I am new to C++. I need some help understanding this code snippet.
Queue & operator=(const Queue &rhs)
{
front = rhs.front;
nWaiting = rhs.nWaiting;
for (int i = front, j = 0; j < nWaiting; j++)
{
elements[i] = rhs.elements[i];
i = (i + 1) % 100;
}
return *this;
}
I am unable to understand why there is an '&' before operator in the code and how does this work along with *this.
I understand operator overloading.
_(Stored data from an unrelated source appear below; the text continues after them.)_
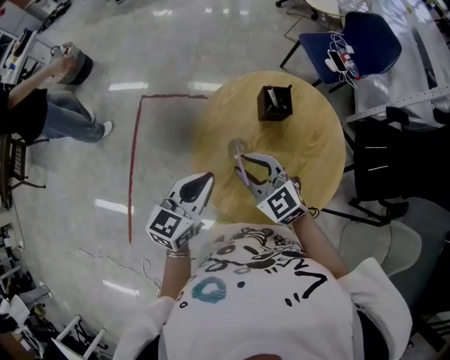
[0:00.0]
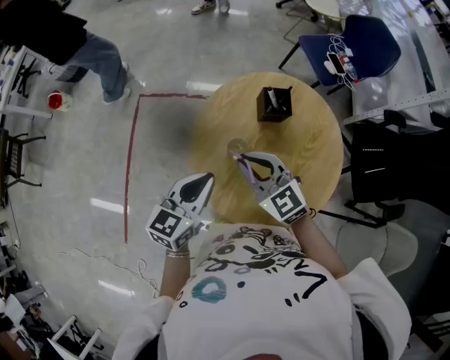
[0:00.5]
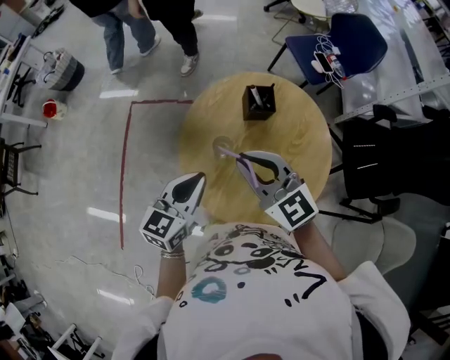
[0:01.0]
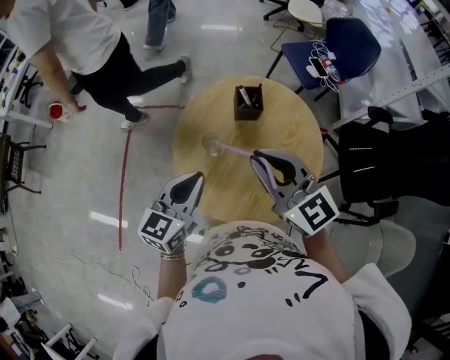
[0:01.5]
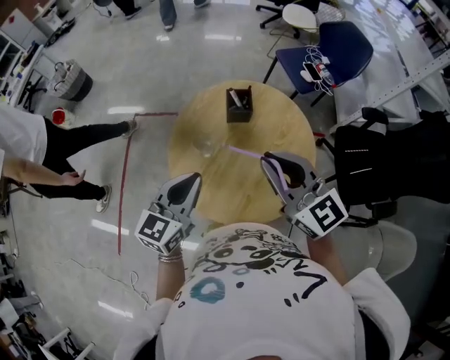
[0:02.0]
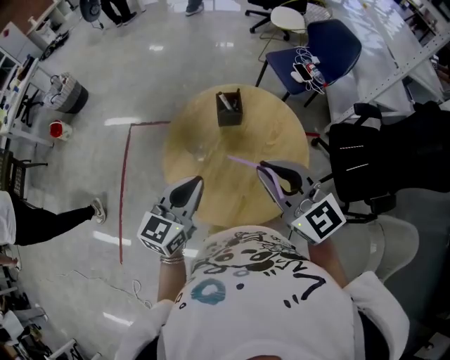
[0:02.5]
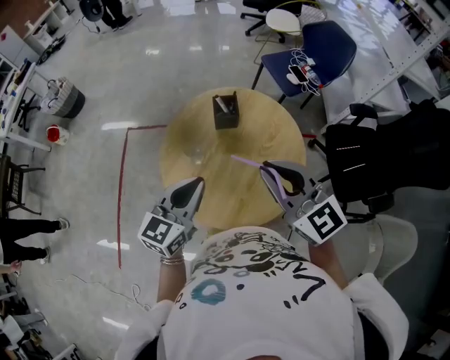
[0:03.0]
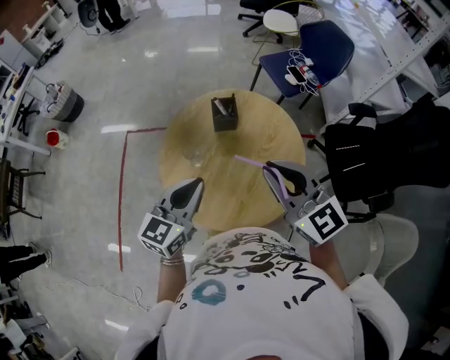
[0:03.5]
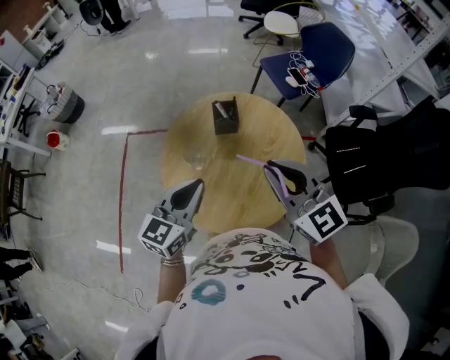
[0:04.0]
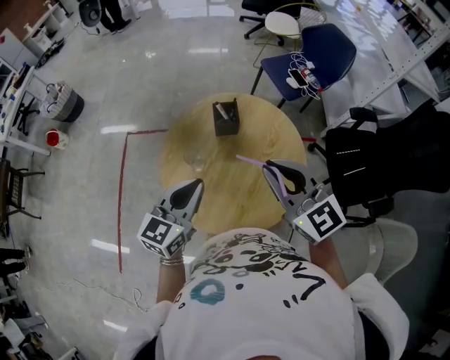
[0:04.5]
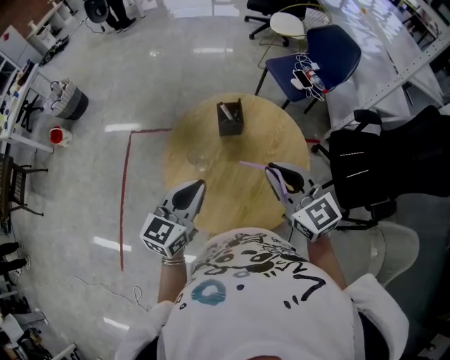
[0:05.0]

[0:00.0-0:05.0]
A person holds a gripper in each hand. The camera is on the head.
0:00.0 to 0:02.5: The left gripper heads to the right, backward and upward, covering some 15 cm; the right gripper shifts roughly 25 cm upward, to the right and backward, and turns by approximately 20 degrees.
0:02.5 to 0:05.0: The right gripper shifts about 5 cm downward.

For eg. the code below for addition operation overloading. However I don't understand why '&' is required for assignment operator (=) overloading.
V3 operator* (const double factor, const V3 &b)
{
return (b * factor);
}
答案 0 :(得分:2)
&表示操作符返回引用(原始对象),而不是值(对象的副本)。这避免了不必要的复制。 this是指向调用运算符的对象本身的指针,因此return *this表示返回对=左侧对象的引用。
这允许操作符被链接,如a = b = 1。这会先将{1}分配给b,然后返回对b的引用。然后将b的值分配给a。因此a和b都是1。
答案 1 :(得分:1)
The reference means that avoid copying the object. As a result, it will return a reference to the same object. Moreover, it will provide lvalue as a result. And if you think about it, that's what you want to happen when the assignment operator is used.
Every object in C++ has access to its own address through this pointer.
That means that the you return the object itself.
If your question is why we use *this instead of this, then this happens because you need to dereference the pointer first, since the return type is a reference (and not a pointer for example).
答案 2 :(得分:0)
运算符可以没有任何返回值,但是通常在
中启用链接c = (a = b);
这会将b分配给a,然后将operator=来电的返回值分配给c。由于您不想制作不必要的副本,因此返回对象本身的引用,即*this。实际上,避免复制并不是使用引用的唯一原因,但如果您考虑
(d = e) = f;
然后这只会按预期工作(首先将e分配给d然后将f分配给d)如果operator=返回非const (!)参考。
请注意operator*是不同的,因为它不应该修改它所调用的对象,而是返回一个新实例(因此在&的返回中没有operator* )。